Oefening: Inzicht in je energiebalans

Wat doe je allemaal op een dag? Denk aan de verschillende activiteiten en werkzaamheden op je werk. Denk ook aan je bezigheden thuis, de afspraken met mensen, activiteiten die je onderneemt naast je werk, gesprekjes met school. Inventariseer dat eens.

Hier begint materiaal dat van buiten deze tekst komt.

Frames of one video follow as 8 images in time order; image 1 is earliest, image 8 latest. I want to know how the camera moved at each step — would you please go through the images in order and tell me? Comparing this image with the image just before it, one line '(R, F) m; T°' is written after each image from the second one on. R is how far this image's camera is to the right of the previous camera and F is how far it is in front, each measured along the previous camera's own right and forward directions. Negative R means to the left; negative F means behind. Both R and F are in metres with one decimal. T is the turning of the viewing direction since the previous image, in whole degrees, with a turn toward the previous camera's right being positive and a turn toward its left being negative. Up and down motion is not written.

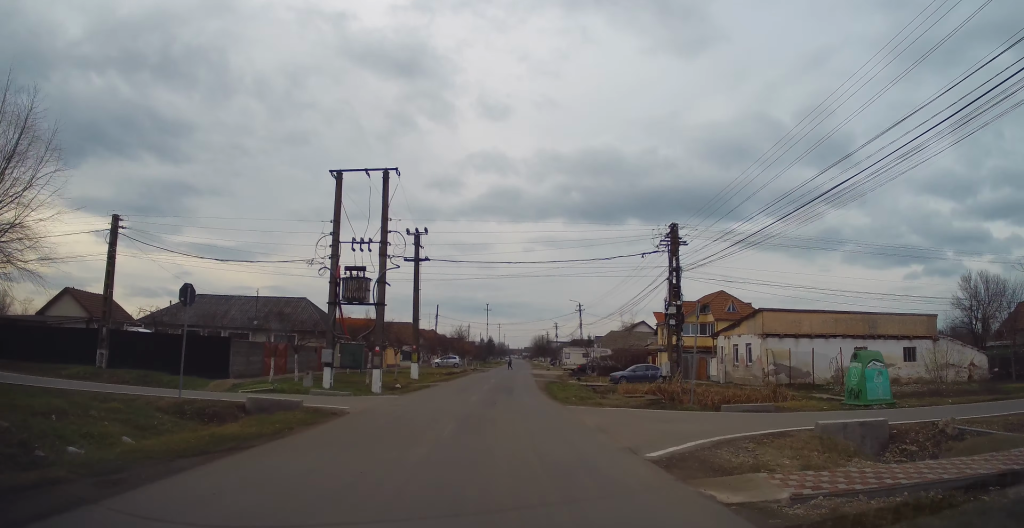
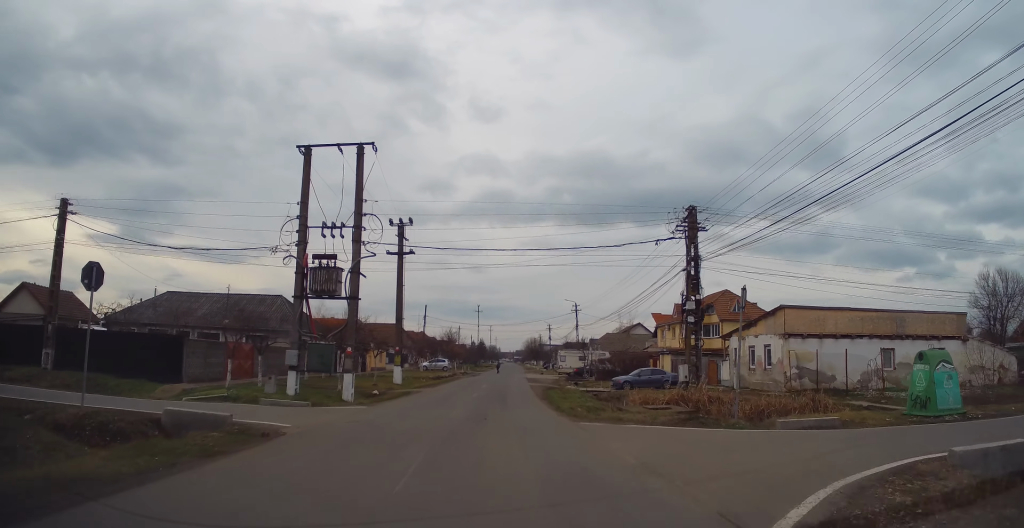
(-0.1, +4.9) m; +1°
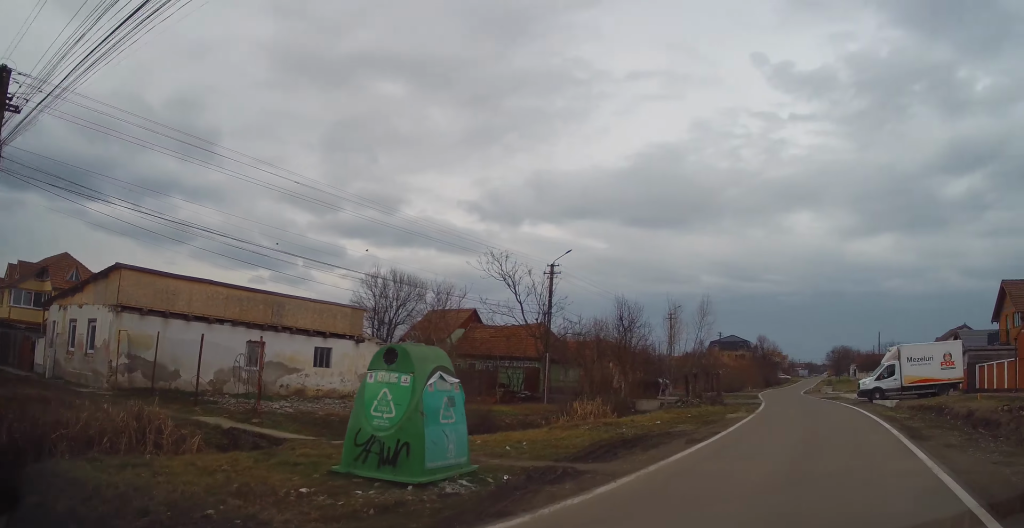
(+3.4, +13.0) m; +57°
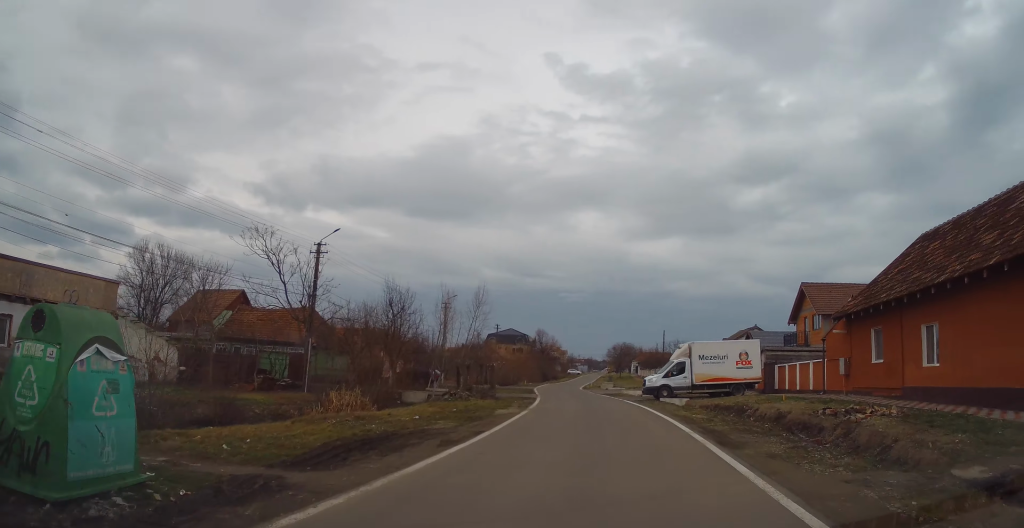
(+0.9, +2.3) m; +18°
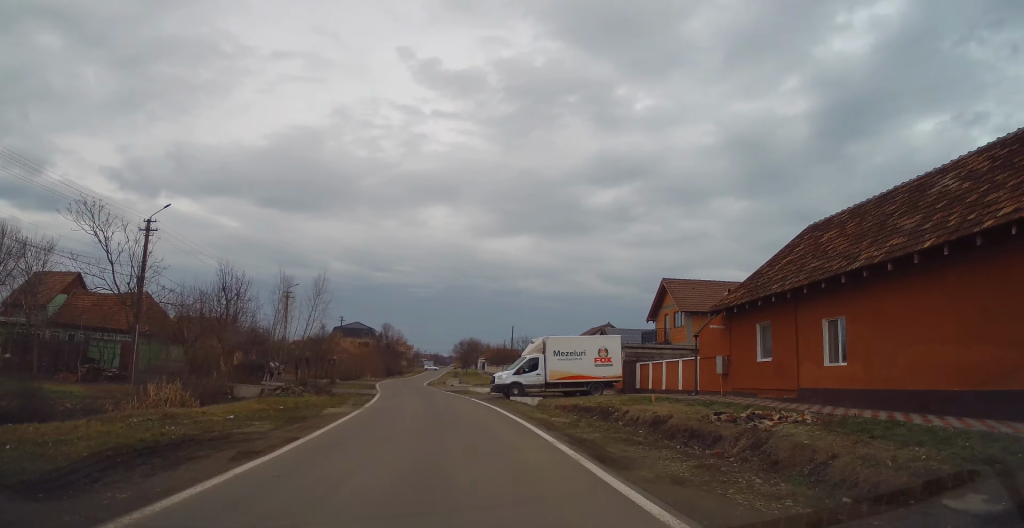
(+0.4, +2.5) m; +10°
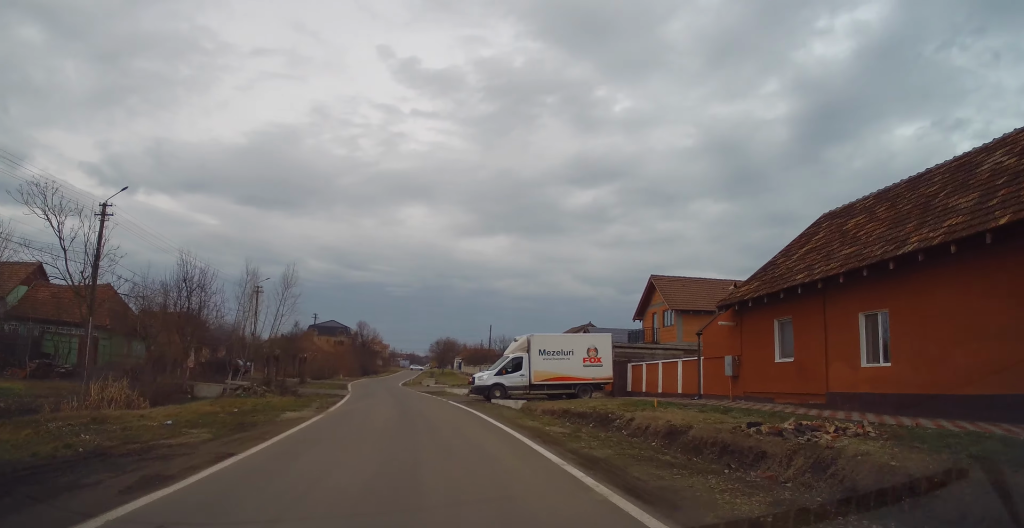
(+0.2, +2.1) m; +1°
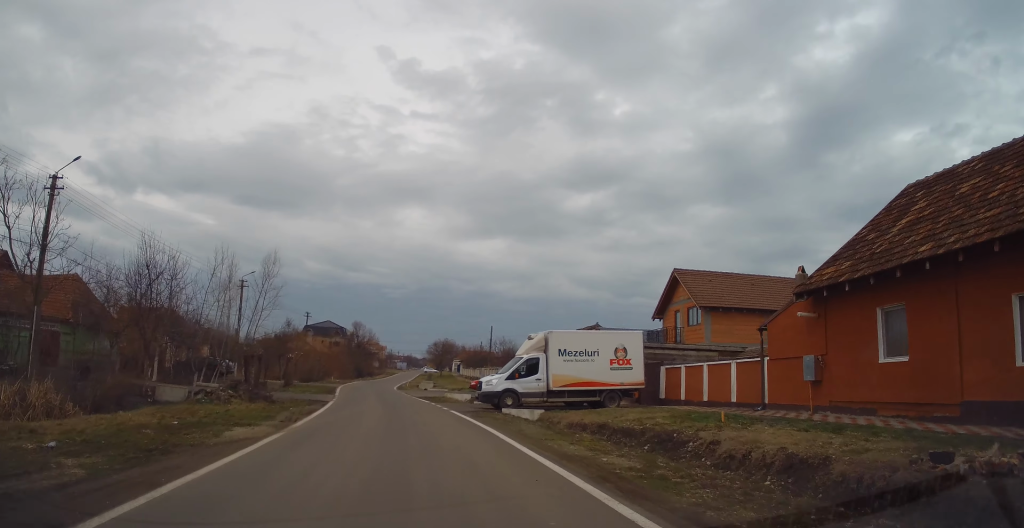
(0.0, +3.8) m; 0°
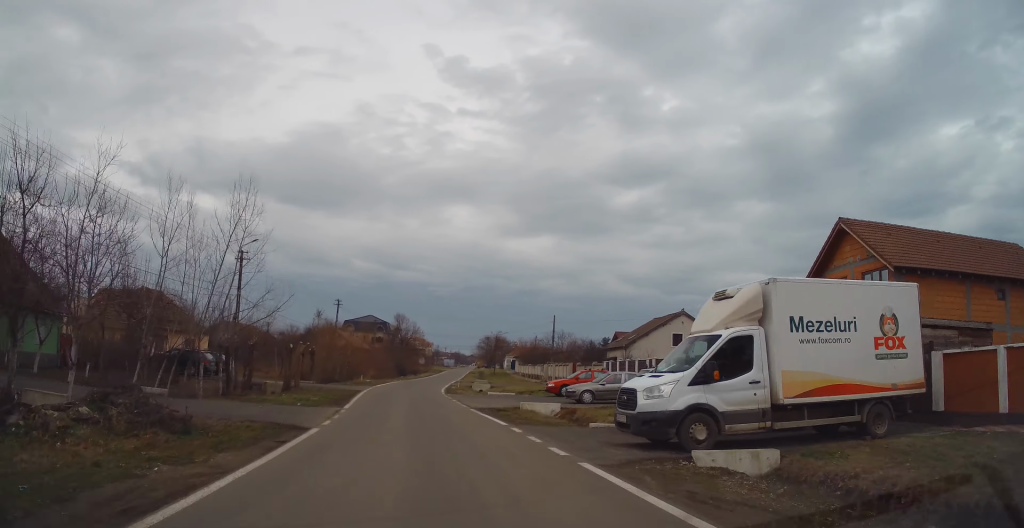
(-0.2, +10.8) m; -3°

We gaan op zoek naar rode (energievreters)
en groene (energiegevers) momenten.

Groene momenten zijn momenten:

  • waarop je geniet van waar je mee bezig bent
  • waarbij er voor je het weet een paar uur voorbij zijn
  • waarop je de tijd vergeet
  • waarop je amper moet nadenken bij wat je doet
  • waar je naar uitkijkt
  • waarvan je het zelf niet zo bijzonder vindt wat je laat zien, maar anderen wijzen je erop dat je het goed kan
  • waarbij je na afloop misschien fysiek moe bent, maar mentaal heb je meer energie dan je vooraf had
     

Rode momenten zijn die momenten:

  • waarop de tijd niet vordert
  • waar je niet naar uitkijkt
  • waarop je jezelf heel erg moet concentreren om erbij te kunnen blijven of om een goed resultaat te kunnen neerzetten
  • waar je moe van wordt
  • die in je functioneringsgesprekken of evaluatiegesprekken steeds terugkeren, jaar na jaar… en steeds benoemd worden als datgene waar je aan zou moeten werken; je weet het, je zegt dat je er aan gaat werken en tegelijkertijd komt er weinig of niets van
  • waarop je energie moet steken in wat je aan het doen bent; je ziet er tegenop, je stelt het uit, de tijd kruipt vooruit en je bent je tijdens de activiteit voortdurend bewust van het feit dat het je veel energie kost
  • die vaak opduiken in je storende gedachten: datgene waarover je in de auto naar huis zit op te tobben, waar je ’s avonds of in het weekend mee bezig bent, waar je ’s nachts van wakker ligt, waar je niet uitkomt, waar je voortdurend in je hoofd gesprekken of dialogen over aan het voeren bent of die je achtervolgen

Maak eens een lijstje: wat geeft jou energie en wat kost jou energie.